As Simurai says, I think this is a nice method to use when building a CSS framework or library of components, and, if nothing else, I think the technique really drives home the point about how powerful em units are.

If you have any feedback or experience with a similar technique, or have any ideas for how this concept can be improved, I’d be glad to hear your comments.

  • Stephen Morley

    Be careful when using very small em values: for example, if you have a border width of 0.0625em (one sixteenth of an em) Chrome won’t render the border at all when the computed font size is less than 16px (Firefox and Internet Explorer will render a one-pixel border). Whether this particular case is an issue depends on whether you want your borders to scale with the text size or just to be as thin as possible (in which case you can just use 1px).

  • Evan

    I wrote a short article a while back promoting the use of rem, because it’s much easier to use when working with nested elements:

  • Streetdog

    There’s a typo in the second example:

    “The padding value of 3em is equal to 40px (20*2)” should be 2em.

    Great article, btw!

  • Jaymoon

    “The padding value of 3em is equal to 40px (20*2).”

    Is this a typo, or am I just not understanding this correctly?

    • dmathisen

      Looks like he meant:
      “The padding value of 2em is equal to 40px (20*2).”

    • LouisLazaris

      Yep, typo. Fixed. :)

      I think I had originally used 3em as the example, but then forgot to change it in the text.

  • LouisLazaris

    Yeah, I was just testing to see if you guys were paying attention. ;)

    But seriously, thanks, it was corrected earlier.

  • Samiullah Khan

    I have a question regarding the use of percentages. They also work like em’s. Why they aren’t best fit for font size?

    • Stephen Morley

      Ems allow you to specific everything relative to the font size.

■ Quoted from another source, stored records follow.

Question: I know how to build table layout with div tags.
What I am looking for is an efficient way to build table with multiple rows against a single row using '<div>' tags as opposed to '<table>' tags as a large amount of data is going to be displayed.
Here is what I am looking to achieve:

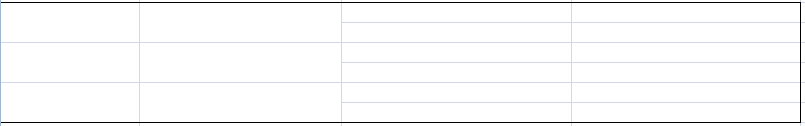
Answer: You don't need divs. Just use the rowspan property: Here is a pretty styled table to get you started:
'''
<html>
<head>
<style type="text/css">
#customers
{
font-family:"Trebuchet MS", Arial, Helvetica, sans-serif;
width:100%;
border-collapse:collapse;
}
#customers td, #customers th
{
font-size:1em;
border:1px solid #98bf21;
padding:3px 7px 2px 7px;
}
#customers th
{
font-size:1.1em;
text-align:left;
padding-top:5px;
padding-bottom:4px;
background-color:#A7C942;
color:#ffffff;
}
#customers tr.alt td
{
color:#000000;
background-color:#EAF2D3;
}
</style>
</head>
<body>
<table id="customers">
<tr>
<th>Company</th>
<th>Contact</th>
<th>Country</th>
</tr>
<tr>
<td rowspan="2">Alfreds Futterkiste</td>
<td>Maria Anders</td>
<td>Germany</td>
</tr>
<tr class="alt">
<td>Berglunds snabbkop</td>
<td>Christina Berglund</td>
</tr>
<tr>
<td>Centro comercial Moctezuma</td>
<td>Francisco Chang</td>
<td>Mexico</td>
</tr>
</tr>
</table>
</body>
</html>
'''

Percentages are relative to varying properties – for example, a percentage for the padding property is relative to the width of the containing block.

      • Samiullah Khan

        So they are not good prospect for font-size, because 1em or 100% equals to 16px anyway

  • Prestaeus

    As someone coming back to HTML after a long hiatus, articles like this are helpful. Thanks for the article.

  • Carlos Garcia

    Great article,
    Font and others elements using ’em’ on CSS are better rendered on different aspect radio

  • LouisLazaris

    Funny thing is, I just saw this CodePen by Chris Coyier:

    Pretty much the same concept, and he made it on March 27. I had no idea, but it certainly looks like my demo is ripping his off. :)

  • Mathew Porter

    Ive used em’s for a number of years on every new project as its how we did things in the first agency that I started working for all those years ago and have done ever since. We always set font-size: 62.5% on the body as this gets a pretty good scale from em to px i.e. 1.6em = 16px visually…. Ish.

  • imagestic

    Fantastic! Thank you!

  • Dmitry M

    Thanks for sharing. I’ve started getting into zurb’s foundation and it’s all em/rem based. This definitely helps.

  • bob swanson

    I’ve changed many of my webpages over to “power_of_em” and I like the appearance. Also, they look very good on the phone browser. But the BEST result of this effort is that Google’s “mobile friendly” testing website says that these pages meet their standards. No other special coding required…

  • dariovolaric

    I used this for a while to make responsive sites where everything (including text) scales when the width of the browser becomes smaller than X by scaling the font-size of the root using javascript. Worked great until Chrome on mobile devices decided that font-size should not be smaller than 9px. :(

  • lingtalfi

    I never thought of ems like that. Thanks.